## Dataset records

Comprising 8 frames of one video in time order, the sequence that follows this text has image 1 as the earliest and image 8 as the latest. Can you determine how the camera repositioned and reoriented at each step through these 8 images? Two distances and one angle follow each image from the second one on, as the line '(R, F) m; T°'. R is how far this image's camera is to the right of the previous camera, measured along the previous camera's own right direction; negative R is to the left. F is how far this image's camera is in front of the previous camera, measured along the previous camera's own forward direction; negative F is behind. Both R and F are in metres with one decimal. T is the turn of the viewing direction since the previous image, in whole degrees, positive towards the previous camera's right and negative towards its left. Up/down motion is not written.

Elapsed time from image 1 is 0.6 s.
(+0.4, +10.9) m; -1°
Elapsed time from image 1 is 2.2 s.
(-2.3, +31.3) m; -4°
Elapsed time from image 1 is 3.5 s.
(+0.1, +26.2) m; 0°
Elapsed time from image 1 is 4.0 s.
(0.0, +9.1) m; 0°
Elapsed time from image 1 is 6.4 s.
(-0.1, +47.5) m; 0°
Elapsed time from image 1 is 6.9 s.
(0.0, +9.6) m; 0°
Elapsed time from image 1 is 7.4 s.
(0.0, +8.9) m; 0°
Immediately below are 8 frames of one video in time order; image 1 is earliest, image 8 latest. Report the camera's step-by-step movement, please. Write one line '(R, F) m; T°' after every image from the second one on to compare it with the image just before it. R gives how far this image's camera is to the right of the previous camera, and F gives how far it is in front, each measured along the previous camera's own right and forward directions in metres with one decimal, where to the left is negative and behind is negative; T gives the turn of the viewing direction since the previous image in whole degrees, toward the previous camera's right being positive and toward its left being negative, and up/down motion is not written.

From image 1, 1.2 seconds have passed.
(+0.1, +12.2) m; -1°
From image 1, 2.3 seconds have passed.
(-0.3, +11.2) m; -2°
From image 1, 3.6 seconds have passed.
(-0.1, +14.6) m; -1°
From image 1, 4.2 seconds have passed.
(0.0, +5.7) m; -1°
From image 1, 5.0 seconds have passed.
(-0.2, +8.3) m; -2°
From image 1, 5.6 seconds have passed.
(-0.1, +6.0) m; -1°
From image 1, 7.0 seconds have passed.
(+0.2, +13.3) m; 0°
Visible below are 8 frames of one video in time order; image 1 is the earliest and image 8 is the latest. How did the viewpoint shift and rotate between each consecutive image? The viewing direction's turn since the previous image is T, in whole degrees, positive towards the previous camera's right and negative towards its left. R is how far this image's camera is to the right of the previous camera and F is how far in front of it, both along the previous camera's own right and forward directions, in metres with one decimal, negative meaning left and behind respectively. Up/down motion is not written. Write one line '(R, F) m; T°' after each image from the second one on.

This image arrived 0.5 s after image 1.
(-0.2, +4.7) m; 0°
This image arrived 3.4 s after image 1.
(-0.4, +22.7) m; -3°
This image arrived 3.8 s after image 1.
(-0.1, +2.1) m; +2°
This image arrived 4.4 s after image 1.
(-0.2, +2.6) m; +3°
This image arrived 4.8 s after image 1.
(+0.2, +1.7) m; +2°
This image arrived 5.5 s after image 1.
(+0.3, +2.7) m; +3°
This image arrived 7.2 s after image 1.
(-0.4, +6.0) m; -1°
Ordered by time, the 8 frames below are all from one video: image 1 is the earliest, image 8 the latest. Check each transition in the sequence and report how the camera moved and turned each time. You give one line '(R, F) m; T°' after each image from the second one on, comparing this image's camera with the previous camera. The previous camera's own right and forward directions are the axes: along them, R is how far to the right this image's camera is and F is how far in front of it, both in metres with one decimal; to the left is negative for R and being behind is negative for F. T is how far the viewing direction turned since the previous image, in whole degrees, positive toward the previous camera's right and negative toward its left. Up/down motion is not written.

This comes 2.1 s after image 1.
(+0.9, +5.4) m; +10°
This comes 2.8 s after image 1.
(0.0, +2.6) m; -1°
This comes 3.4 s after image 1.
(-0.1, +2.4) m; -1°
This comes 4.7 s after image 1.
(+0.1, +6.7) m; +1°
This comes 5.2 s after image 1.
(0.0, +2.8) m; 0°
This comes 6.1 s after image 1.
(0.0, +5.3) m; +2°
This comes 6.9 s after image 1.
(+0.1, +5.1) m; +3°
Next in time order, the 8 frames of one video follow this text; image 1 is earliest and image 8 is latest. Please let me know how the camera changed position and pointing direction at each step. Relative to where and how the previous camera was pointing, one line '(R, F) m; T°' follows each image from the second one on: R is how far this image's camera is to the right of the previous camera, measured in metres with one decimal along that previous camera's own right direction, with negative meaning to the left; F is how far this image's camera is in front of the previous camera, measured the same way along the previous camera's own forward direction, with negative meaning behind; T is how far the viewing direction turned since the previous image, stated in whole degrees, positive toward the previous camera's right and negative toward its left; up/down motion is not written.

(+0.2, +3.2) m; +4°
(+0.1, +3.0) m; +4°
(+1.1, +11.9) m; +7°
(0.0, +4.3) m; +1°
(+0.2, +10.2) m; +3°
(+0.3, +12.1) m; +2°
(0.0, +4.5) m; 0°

## What you have to do
The answer must consist of every line from the entries above that contains "Write".

## Result below
Immediately below are 8 frames of one video in time order; image 1 is earliest, image 8 latest. Report the camera's step-by-step movement, please. Write one line '(R, F) m; T°' after every image from the second one on to compare it with the image just before it. R gives how far this image's camera is to the right of the previous camera, and F gives how far it is in front, each measured along the previous camera's own right and forward directions in metres with one decimal, where to the left is negative and behind is negative; T gives the turn of the viewing direction since the previous image in whole degrees, toward the previous camera's right being positive and toward its left being negative, and up/down motion is not written.
Visible below are 8 frames of one video in time order; image 1 is the earliest and image 8 is the latest. How did the viewpoint shift and rotate between each consecutive image? The viewing direction's turn since the previous image is T, in whole degrees, positive towards the previous camera's right and negative towards its left. R is how far this image's camera is to the right of the previous camera and F is how far in front of it, both along the previous camera's own right and forward directions, in metres with one decimal, negative meaning left and behind respectively. Up/down motion is not written. Write one line '(R, F) m; T°' after each image from the second one on.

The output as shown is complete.